Archivage et accès à l’informa­tion vont de paire. «Comment parler du droit d’accès aux données si les archives ne sont pas toujours organisées, conser­vées et accessibles au grand public?», le jeune entrepreneur est bien placé pour en témoigner. «Malgré les efforts de l’exécutif, certaines administrations ne sont pas suf­fisamment sensibles à la conservation de leurs archives».

Le chef du gouvernement a émis le 17 décembre 2018 une circulaire sur l’activa­tion du programme d’archivage. La loi n°69-99 sur l’archivage avait nourri des espoirs de transparence et d’ou­verture. Près de 12 ans après son entrée en vigueur, force est de constater qu’elle jouit encore du statut du vilain petit canard. Pourquoi cette législation destinée à conser­ver la mémoire du Royaume du Maroc et de ses citoyens n’a pas été appliquée à la lettre?

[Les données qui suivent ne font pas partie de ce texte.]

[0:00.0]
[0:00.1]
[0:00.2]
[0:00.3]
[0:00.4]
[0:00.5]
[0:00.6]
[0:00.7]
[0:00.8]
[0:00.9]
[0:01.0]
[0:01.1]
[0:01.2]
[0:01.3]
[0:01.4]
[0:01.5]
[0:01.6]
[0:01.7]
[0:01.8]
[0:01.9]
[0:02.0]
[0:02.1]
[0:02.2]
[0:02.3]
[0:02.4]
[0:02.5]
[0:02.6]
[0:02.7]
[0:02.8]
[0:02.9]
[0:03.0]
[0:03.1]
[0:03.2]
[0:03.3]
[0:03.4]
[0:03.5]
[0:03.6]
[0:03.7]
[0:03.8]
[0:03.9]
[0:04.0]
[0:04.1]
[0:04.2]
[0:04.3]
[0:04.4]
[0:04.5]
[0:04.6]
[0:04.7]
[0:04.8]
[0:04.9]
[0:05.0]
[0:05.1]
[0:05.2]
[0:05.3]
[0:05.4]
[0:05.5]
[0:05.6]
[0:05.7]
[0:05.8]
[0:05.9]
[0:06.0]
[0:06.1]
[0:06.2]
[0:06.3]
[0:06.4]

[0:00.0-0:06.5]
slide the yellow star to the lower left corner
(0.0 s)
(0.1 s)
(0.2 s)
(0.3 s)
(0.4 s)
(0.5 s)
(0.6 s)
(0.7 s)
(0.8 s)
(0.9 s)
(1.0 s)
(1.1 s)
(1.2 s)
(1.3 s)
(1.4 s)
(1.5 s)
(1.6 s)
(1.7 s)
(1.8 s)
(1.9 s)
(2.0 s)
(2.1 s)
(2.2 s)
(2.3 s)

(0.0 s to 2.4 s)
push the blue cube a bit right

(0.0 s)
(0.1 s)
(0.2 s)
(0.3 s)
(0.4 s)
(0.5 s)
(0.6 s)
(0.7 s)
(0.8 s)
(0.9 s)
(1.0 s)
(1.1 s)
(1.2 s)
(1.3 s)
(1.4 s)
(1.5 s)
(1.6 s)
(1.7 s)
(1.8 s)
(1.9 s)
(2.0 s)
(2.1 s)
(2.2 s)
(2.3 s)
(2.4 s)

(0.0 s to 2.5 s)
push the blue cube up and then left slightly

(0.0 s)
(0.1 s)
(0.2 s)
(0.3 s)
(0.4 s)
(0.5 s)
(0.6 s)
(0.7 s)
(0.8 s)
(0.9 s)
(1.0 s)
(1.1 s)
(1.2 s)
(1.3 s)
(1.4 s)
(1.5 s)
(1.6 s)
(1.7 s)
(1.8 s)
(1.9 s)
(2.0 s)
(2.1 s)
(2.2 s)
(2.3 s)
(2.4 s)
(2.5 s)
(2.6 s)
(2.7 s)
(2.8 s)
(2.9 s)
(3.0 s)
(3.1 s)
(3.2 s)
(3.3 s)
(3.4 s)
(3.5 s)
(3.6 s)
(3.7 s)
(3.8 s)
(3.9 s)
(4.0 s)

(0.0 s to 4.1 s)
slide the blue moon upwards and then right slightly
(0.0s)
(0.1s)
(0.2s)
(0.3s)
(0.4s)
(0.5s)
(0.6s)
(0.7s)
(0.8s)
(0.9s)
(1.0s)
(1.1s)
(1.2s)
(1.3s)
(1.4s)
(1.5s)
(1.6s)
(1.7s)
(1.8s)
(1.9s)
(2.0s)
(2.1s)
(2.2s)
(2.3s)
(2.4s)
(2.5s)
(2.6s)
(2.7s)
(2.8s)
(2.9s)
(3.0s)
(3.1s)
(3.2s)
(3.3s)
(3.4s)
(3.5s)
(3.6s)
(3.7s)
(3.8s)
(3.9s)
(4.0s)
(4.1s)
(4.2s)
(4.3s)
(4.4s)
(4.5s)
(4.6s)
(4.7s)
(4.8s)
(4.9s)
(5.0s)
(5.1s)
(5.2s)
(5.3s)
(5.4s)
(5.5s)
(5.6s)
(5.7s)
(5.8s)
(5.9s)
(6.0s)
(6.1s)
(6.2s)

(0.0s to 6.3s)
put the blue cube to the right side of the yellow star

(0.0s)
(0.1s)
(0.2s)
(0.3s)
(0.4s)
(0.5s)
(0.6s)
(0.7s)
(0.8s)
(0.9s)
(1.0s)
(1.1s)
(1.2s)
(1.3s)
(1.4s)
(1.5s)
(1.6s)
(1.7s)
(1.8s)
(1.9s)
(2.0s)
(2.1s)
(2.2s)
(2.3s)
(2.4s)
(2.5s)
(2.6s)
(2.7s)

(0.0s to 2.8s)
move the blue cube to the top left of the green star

«Manque de conscience de son im­portance, insuffisance budgétaire, manque d’archivistes», égrène notre témoin, lauréat de l’Ecole Centrale de Lille. Il a décroché son diplôme d’ingénieur en génie informa­tique et industriel en 2007. L’année même où la loi sur les archives a été publiée au Bulletin officiel n°5586.

La soeur aînée de la loi relative au droit d’accès à l’information avait suscité aussi des vocations entrepreneuriales: Archivex, Doc’Archives, Maroc Archivage, Archi­vom... Le marché n’a pas vraiment suivi mal­gré les dispositions pénales qui pèsent sur ceux censés prendre soin de l’histoire de nos institutions. «Il n’a pas encore atteint sa maturité, c’est une question de temps surtout», précise Badr Amani.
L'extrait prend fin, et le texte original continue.